The only differences between Okonkwo and Sethe are their final acts and their gender. Okonkwo ended his life and Sethe killed her child, they each made their final acts in order to reclaim their identities. Okonkwo committed suicide an act that requires a certain kind of defeat. He did not kill his entire compound and then himself instead he killed only himself, the part of his identity he could not control. Sethe did what no mother could imagine she would do. Driven to violently attempt to murder her children and murder one, Sethe commits the crime Okonkwo is incapable of.

Neither Okonkwo nor Sethe are done justice by these paragraphs in explaining the complex decisions that go into actions such as these. Okonkwo never stopped being a man. He never stopped being Okonkwo. Yet in his desolation he could not see a future where he fit and I can do nothing but sympathize. As I think of countless soldiers who are lost in a world of reflection as they have become men of pure action. I am reminded of business men who work themselves nearly to death for their success and their heir rejects their legacy to become an artist. I see my own life in Okonkwo’s misfortune. Three of my mother’s four children are living, one graduated from high school, one got accepted and attends college. My father is like Okonkwo’s a man with no titles; I am not like my father.
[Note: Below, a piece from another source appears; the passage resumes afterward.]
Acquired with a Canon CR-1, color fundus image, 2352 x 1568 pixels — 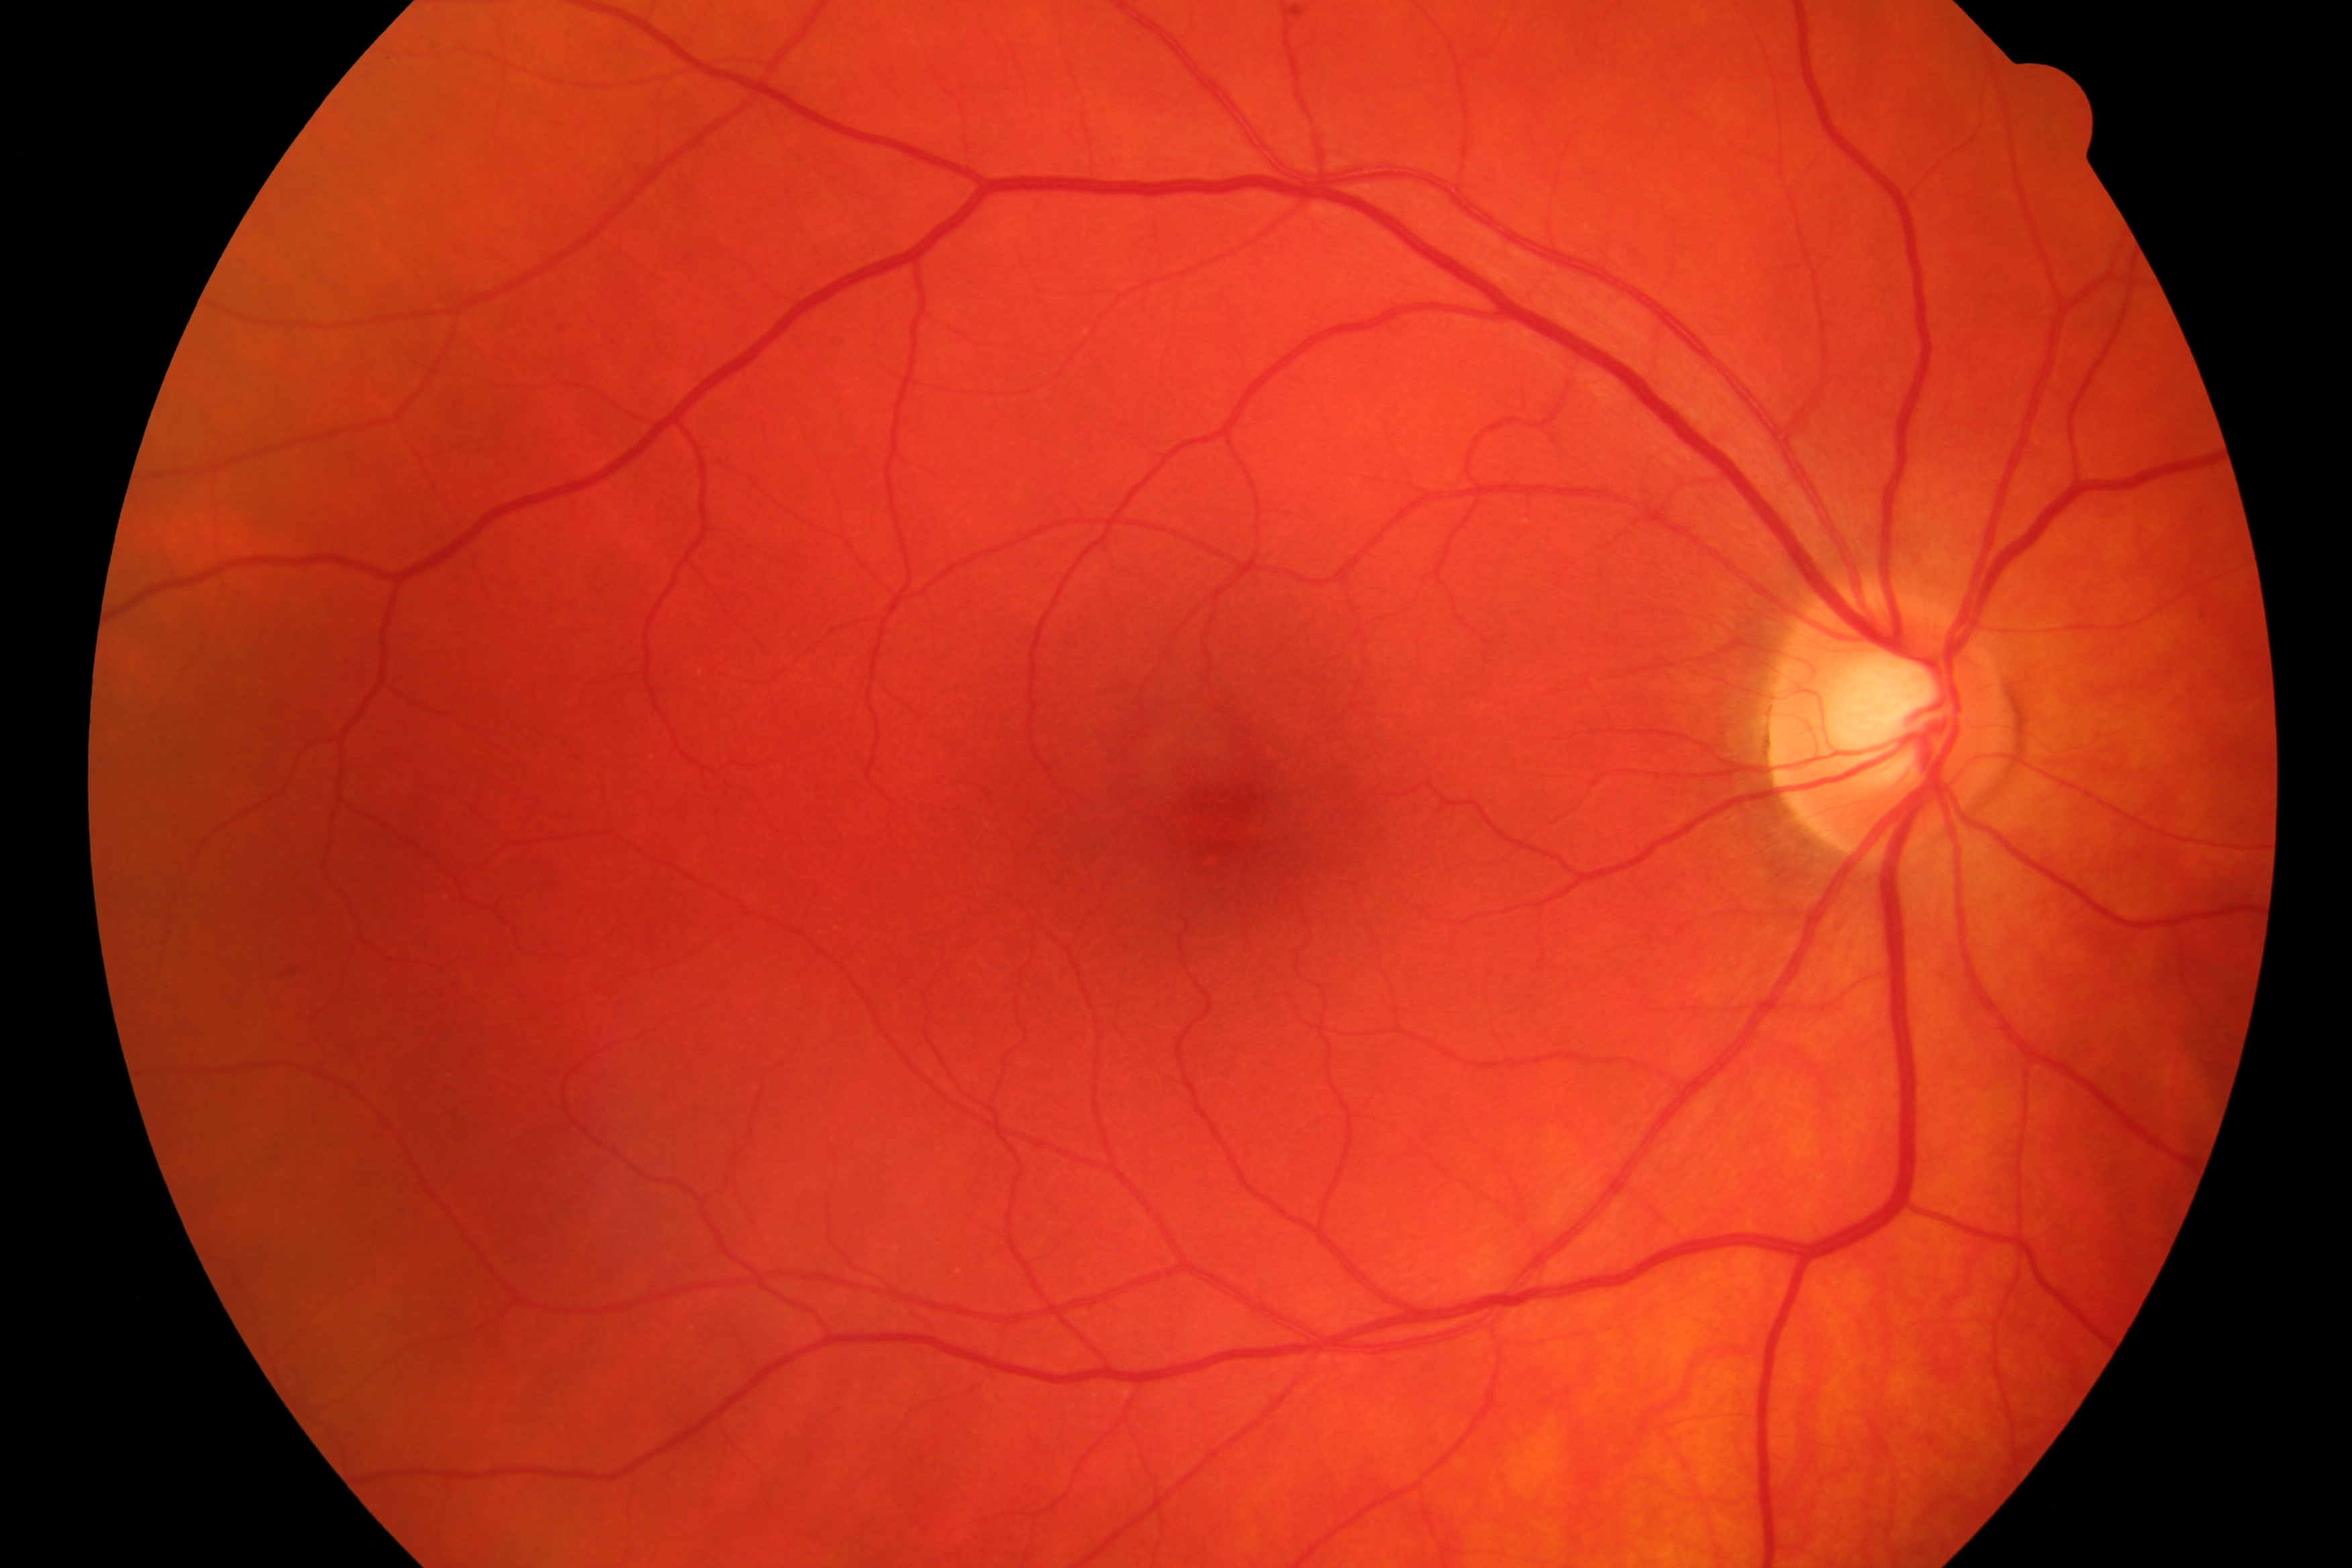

I have compassion for Sethe and women like her who cannot cope with the weight of their own breasts. Breasts that have been made heavy by milk and expectations, yet I want to judge her. I want to say I could never do that to my children. It is hard enough to bear them and have some instance of life lead me to have to bury them, but to raise my hand and take them, I want to say my love isn’t thick enough, but I will leave the women with breasts as equally heavy as Sethe’s, with souls just as dirty as hers, to judge her. I do not think there was any other way for these characters. Sethe only got to have her children through the Misery. Okonkwo did not belong to that Umofia. The tribe was different now and he was not theirs any longer so he took what was left of himself and he hung it.

There are a lot of reasons to kill; Sethe and Okonkwo only had one, they were without identity. Sethe loved a loved that no one else like her could have even imagined being able to love. These characters, when faced with impossible decisions chose to make even more impossible ones. The complexities of suicide and mercy killing are vast and insurmountable when faced with decisions and situations like this it is impossible to know what a human being is capable of or all their reasons for their decision. It is with no judgment I address their characters, broken, and such accurate representations of the atrocities of colonialism and slavery.